What to do:
The answer must consist of every line from the entries that holds the word "spacing".

======== Records for this exercise

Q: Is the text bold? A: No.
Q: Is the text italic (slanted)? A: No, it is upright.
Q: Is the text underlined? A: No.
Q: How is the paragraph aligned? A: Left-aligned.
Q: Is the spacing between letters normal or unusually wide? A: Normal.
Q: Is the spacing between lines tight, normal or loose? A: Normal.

================

Solution for this problem:
Q: Is the spacing between letters normal or unusually wide? A: Normal.
Q: Is the spacing between lines tight, normal or loose? A: Normal.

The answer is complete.